Prompt: This exercise calls for the records to be returned exactly, with images removed.

--- Source information Enclosed Below ---

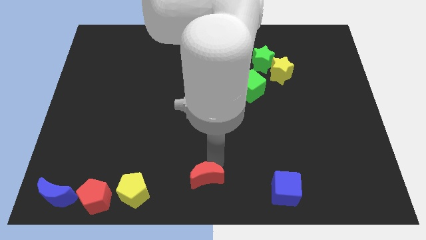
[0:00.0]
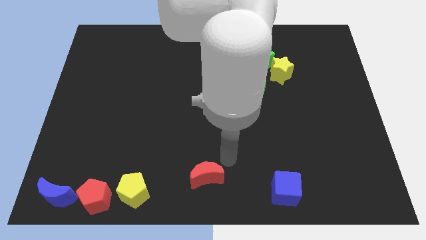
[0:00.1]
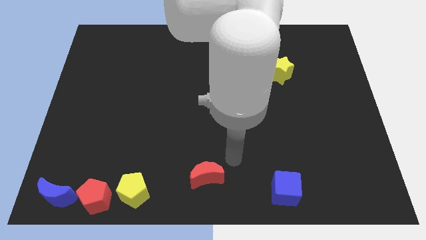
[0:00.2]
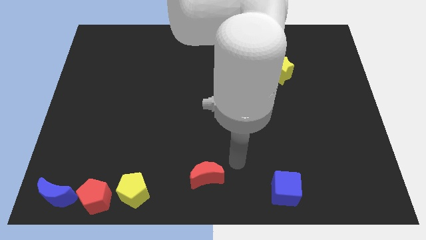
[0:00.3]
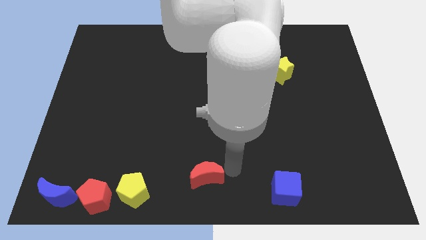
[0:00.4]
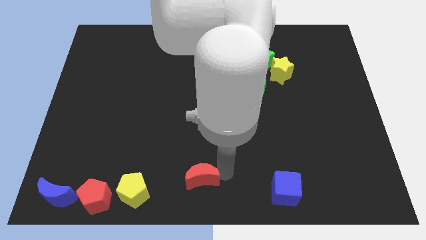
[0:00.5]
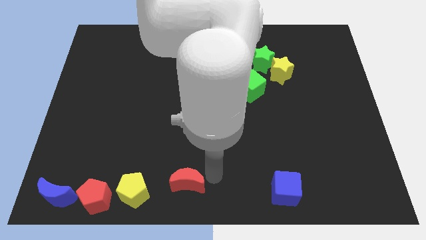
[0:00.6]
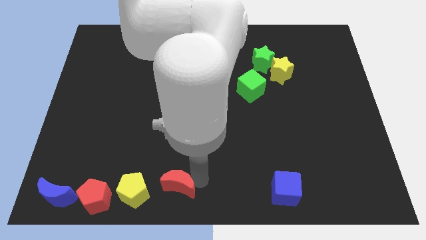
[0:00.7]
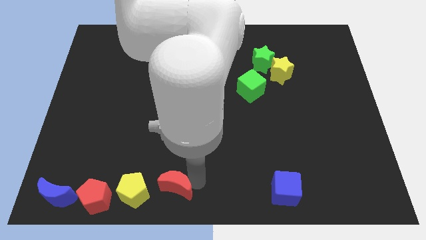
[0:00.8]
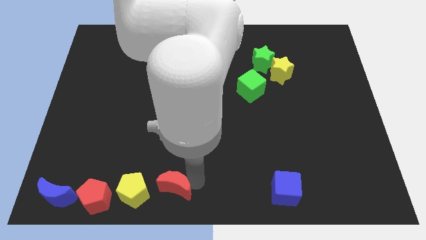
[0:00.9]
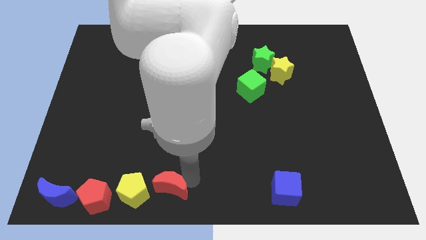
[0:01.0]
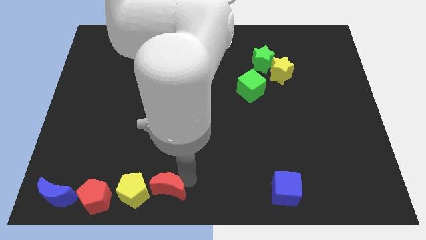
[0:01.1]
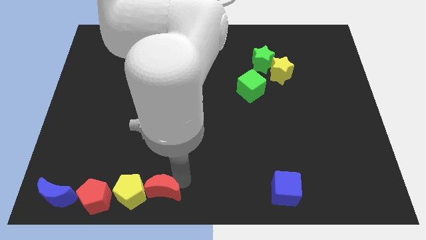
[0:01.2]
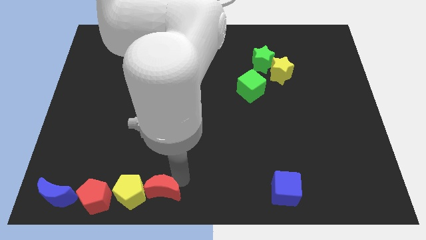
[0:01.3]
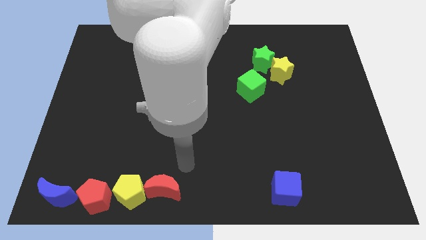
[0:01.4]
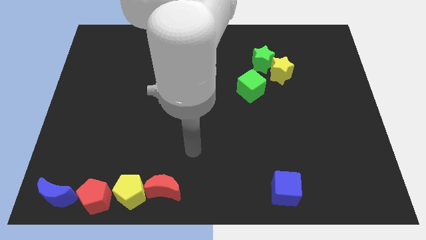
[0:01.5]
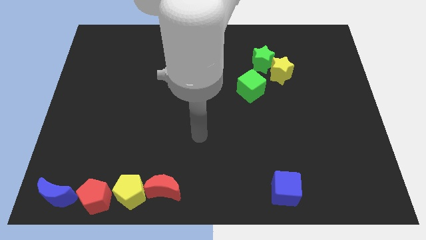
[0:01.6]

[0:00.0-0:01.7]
push the red crescent into yellow pentagon

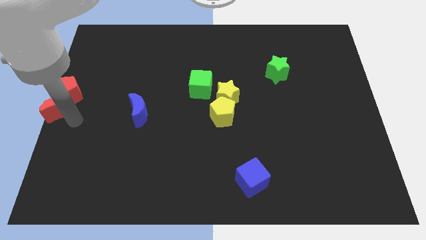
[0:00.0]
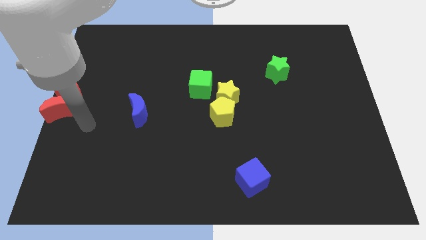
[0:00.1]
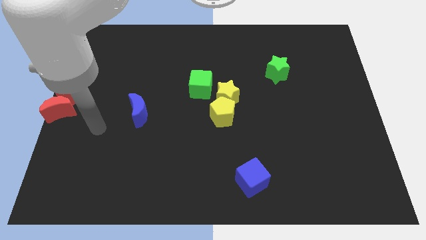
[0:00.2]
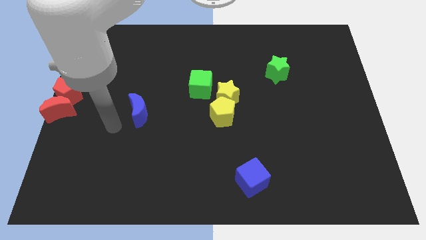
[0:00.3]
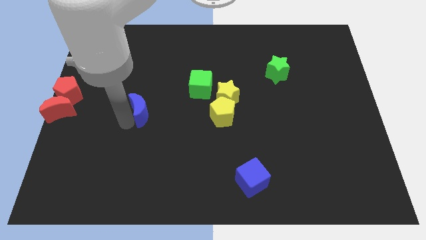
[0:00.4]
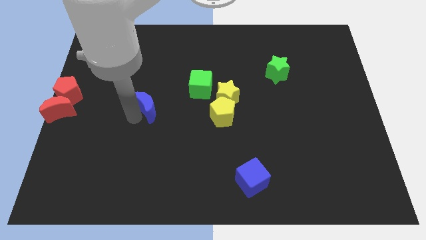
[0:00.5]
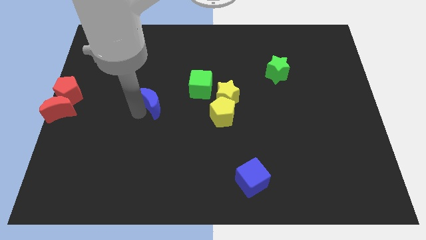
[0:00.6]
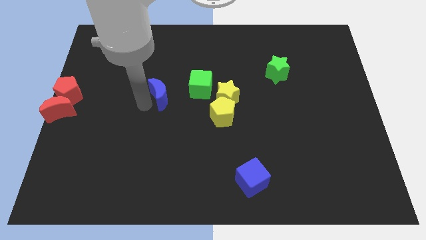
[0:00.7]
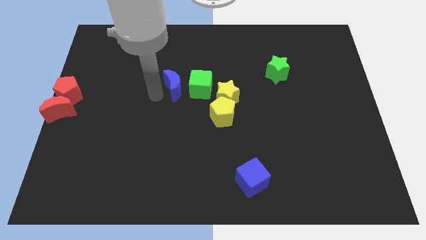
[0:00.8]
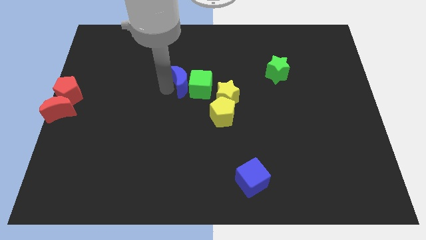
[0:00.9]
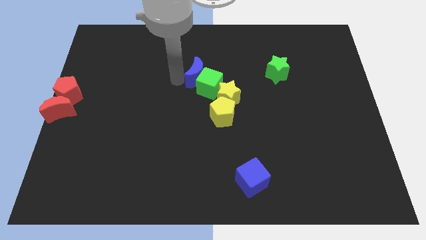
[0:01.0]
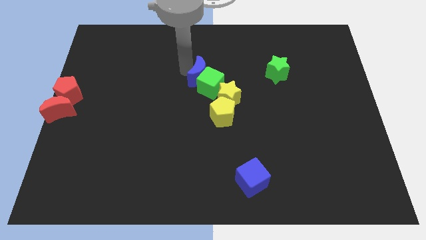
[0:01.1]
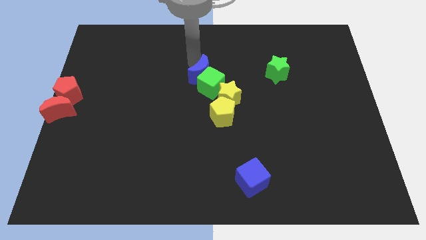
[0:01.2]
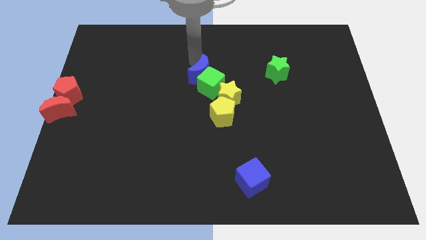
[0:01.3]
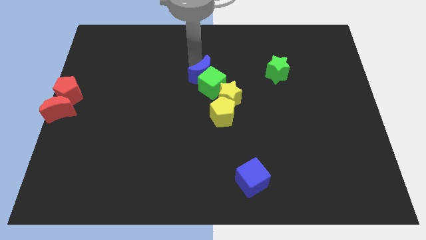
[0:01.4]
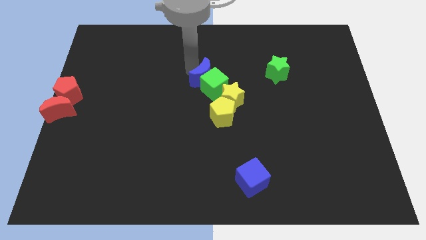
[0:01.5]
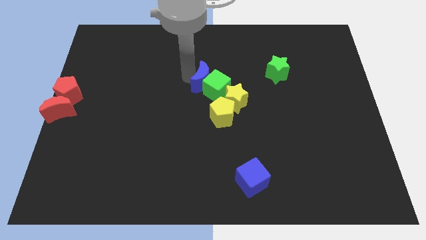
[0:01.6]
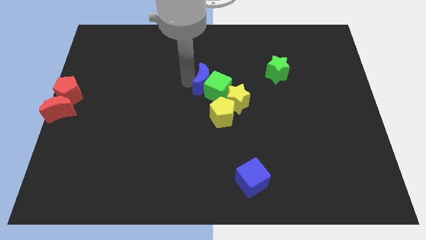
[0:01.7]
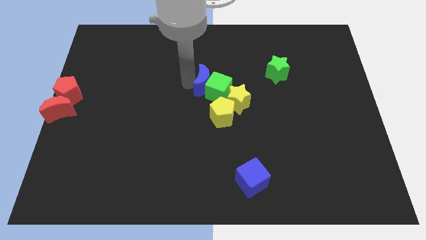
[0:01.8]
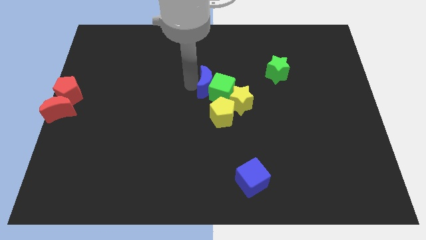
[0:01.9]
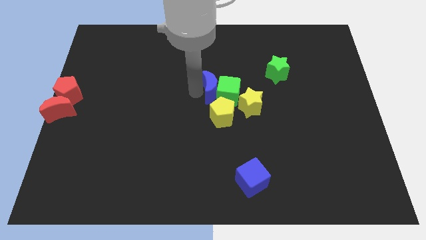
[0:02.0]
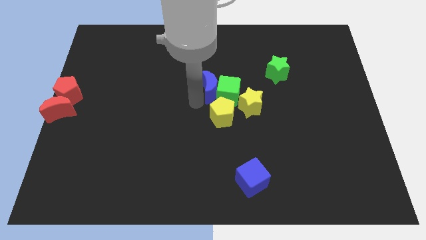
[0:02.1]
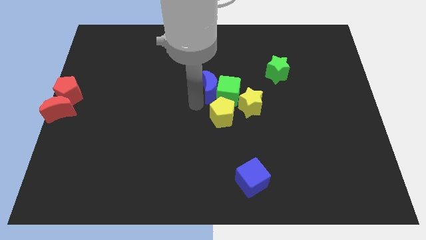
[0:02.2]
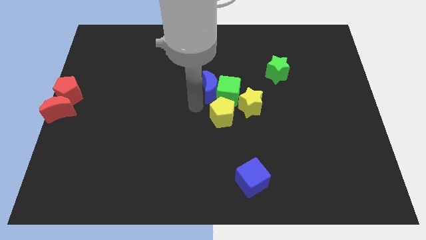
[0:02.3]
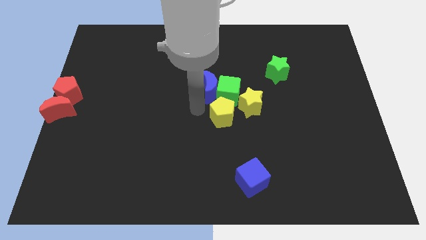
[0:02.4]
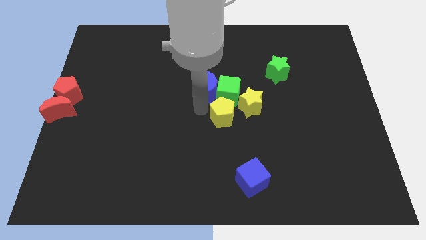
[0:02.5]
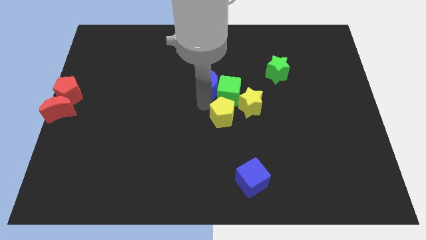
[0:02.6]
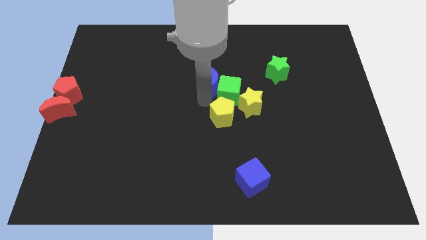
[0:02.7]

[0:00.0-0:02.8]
push the blue moon into the green cube

--- End of Enclosed Source information ---

Answer section:
[0:00.0]
[0:00.1]
[0:00.2]
[0:00.3]
[0:00.4]
[0:00.5]
[0:00.6]
[0:00.7]
[0:00.8]
[0:00.9]
[0:01.0]
[0:01.1]
[0:01.2]
[0:01.3]
[0:01.4]
[0:01.5]
[0:01.6]

[0:00.0-0:01.7]
push the red crescent into yellow pentagon

[0:00.0]
[0:00.1]
[0:00.2]
[0:00.3]
[0:00.4]
[0:00.5]
[0:00.6]
[0:00.7]
[0:00.8]
[0:00.9]
[0:01.0]
[0:01.1]
[0:01.2]
[0:01.3]
[0:01.4]
[0:01.5]
[0:01.6]
[0:01.7]
[0:01.8]
[0:01.9]
[0:02.0]
[0:02.1]
[0:02.2]
[0:02.3]
[0:02.4]
[0:02.5]
[0:02.6]
[0:02.7]

[0:00.0-0:02.8]
push the blue moon into the green cube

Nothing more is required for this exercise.